I can tell how old I was because of where we lived - you know we moved all the time - and when I was just about two years old, I was walking down the street and having a hell of a lot of trouble because my shoelaces were untied and had come out of the holes, and every time I'd take a step I would step on one of those strings and stumble. And, you know, it was a major problem. A flat tire's nothing compared to that. And everybody who would pass would laugh and think it was so funny you know, me stumbling along.

And I passed a house, and there was a woman, and I remember that she was a little tongue-tied, sitting on a step. And she saw what was happening, and she called me in. And she spent about 20 minutes treating me like an adult, teaching me how - of course the ends were gone off the shoestrings - to twist the end and put it through the hole. Then we laced and unlaced my shoes three or four times until I knew how to do it, and then she taught me how to tie a knot. And we sat there for a while, and then I went along. And, as little as I was, I thought, "I'd like to be like that kind of person. I'd like to be like her." I think it influenced my entire life, a little thing.

And again I say, these little things that one does - considerate, compassionate, courageous - I guess it's pretty hard to be able to realize the impact they have."

The families of father and son Powers moved back to Tucson and was visible at a program for the World Religion Day observance in 1972. Wife Mildred died in Tucson in 1973.

====Oklahoma City====
Powers was visible as part of the Baha’i community of Oklahoma City, Oklahoma which was profiled in April 1976 including being photographed, one of some 800 in the state and 45 adults in Oklahoma City.

Powers died there in December aged 76. He is buried at the Chapel Hill Memorial Gardens Cemetery.

==Legacy==

March 5, 2010 a rebroadcast of Powers' This I Believe episode was aired on The Bob Edwards Show. The event was marked in Bakersfield. The show remains available.
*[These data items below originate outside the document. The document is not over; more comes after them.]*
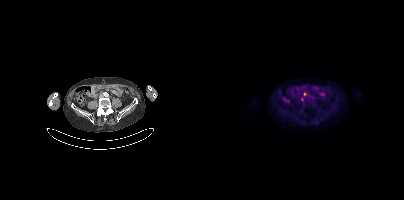
Coordinates are on the 200×200 PET (right) panel. PSMA-avid tumor lesion bounding box (x0,y0,x1,y1): [99,92,104,96]. Small PSMA-avid focus (2 to 4 px across) near (center x, center y): (97, 99).
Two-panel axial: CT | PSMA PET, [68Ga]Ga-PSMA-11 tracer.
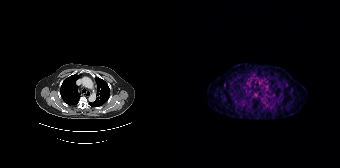
Coordinates are on the 168×168 PET (right) panel. PSMA-avid tumor lesion bounding box (x0,y0,x1,y1): [93,86,96,90].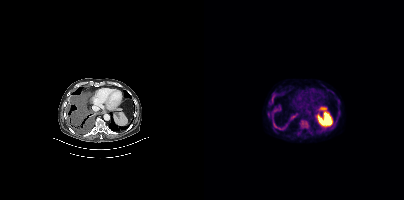
Findings: Coordinates are on the 200×200 PET (right) panel. PSMA-avid tumor lesion bounding boxes (x, y, width, height): x=95 y=119 w=10 h=10 | x=70 y=124 w=9 h=6 | x=63 y=112 w=3 h=6 | x=68 y=95 w=3 h=8. Small PSMA-avid focus (2 to 4 px across) near (center x, center y): (89, 116).
- Left: CT. Right: PSMA PET, same axial level, 18F tracer
- PET panel 200×200 px (4.1 mm/px)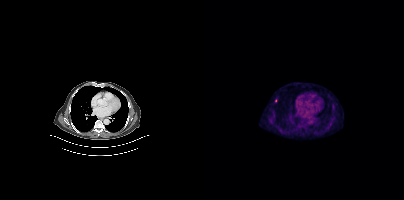
Coordinates are on the 200×200 PET (right) panel. Small PSMA-avid focus (2 to 4 px across) near (center x, center y): (71, 100). Paired axial CT (left) and PSMA PET (right), 18F tracer. Slice 263 of 387.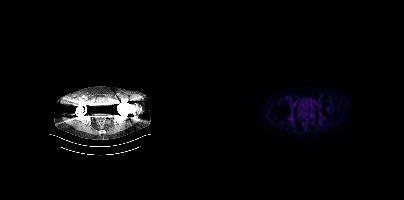
{"pet_grid":[200,200],"coord_frame":"pet_panel","coord_format":"x0,y0,x1,y1","psma_avid_lesions":false,"modality":"PSMA PET/CT","view":"axial","tracer":"18F-PSMA"}
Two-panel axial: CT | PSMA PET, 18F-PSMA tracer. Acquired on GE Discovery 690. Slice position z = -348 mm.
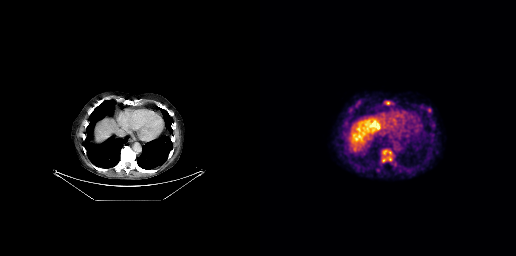
Coordinates are on the 256×256 PET (right) panel. (showing 1 of 6 foci) Small PSMA-avid focus (2 to 4 px across) near (center x, center y): (128, 103).
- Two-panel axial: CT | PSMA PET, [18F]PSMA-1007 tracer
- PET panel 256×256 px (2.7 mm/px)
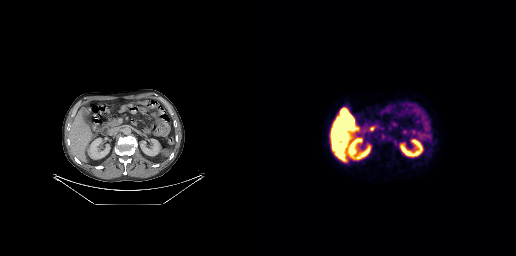
Findings: No PSMA-avid tumor lesions on this slice.
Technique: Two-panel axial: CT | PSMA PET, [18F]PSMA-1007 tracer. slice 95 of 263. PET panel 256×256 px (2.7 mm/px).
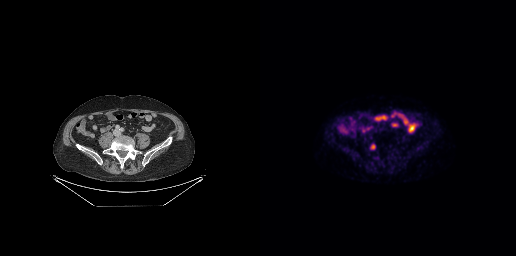
Findings: Coordinates are on the 256×256 PET (right) panel. PSMA-avid tumor lesion bounding box (x0, y0)-(x1, y1): (111, 144)-(115, 149).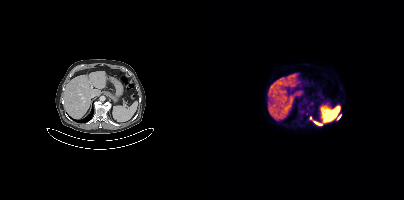
Coordinates are on the 200×200 PET (right) panel. (showing 2 of 3 foci) PSMA-avid tumor lesion bounding box (x0,y0,x1,y1): [133,115,137,119]. Small PSMA-avid focus (2 to 4 px across) near (center x, center y): (113, 123).
modality: PSMA PET/CT | tracer: 18F | view: axial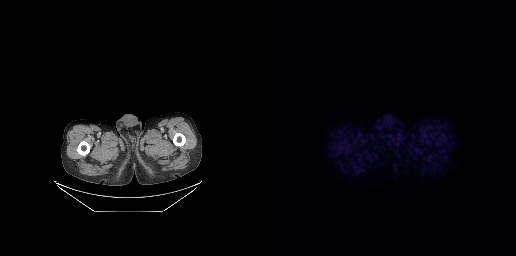
Technique: Two-panel axial: CT | PSMA PET, [18F]PSMA-1007 tracer. acquired on GE Discovery 690. slice position z = -817 mm. PET panel 256×256 px (2.7 mm/px).
Findings: No PSMA-avid tumor lesions on this slice.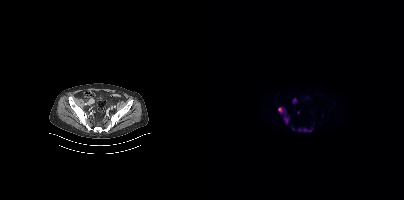
{"modality":"PSMA PET/CT","view":"axial","tracer":"[18F]PSMA-1007","pet_grid":[200,200],"coord_frame":"pet_panel","coord_format":"x0,y0,x1,y1","partial":true,"lesion_bboxes":[[94,128,103,131],[74,107,78,112],[89,99,93,103],[105,127,109,131],[83,117,84,122]]}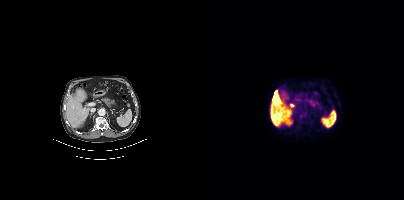
Left: CT. Right: PSMA PET, same axial level, [18F]PSMA-1007 tracer. Acquired on Siemens Biograph mCT Flow 20. PET panel 200×200 px (4.1 mm/px). Only PSMA-avid lesion pieces thinner than 2 px on this slice (not listed).

In the presentation the commentators reviewed his forward thinking efforts and the wide scale of his reading across religions and they were struck by his pursuit of knowledge from an awareness of Lawrence of Arabia to actually reading the Qur'an, the way the Bahá'í quote "The earth is but one country and mankind its citizens" was emphasized in his life and was found when there were so few Bahá'ís around, and the way the New Testament inspired him to "put down his gun".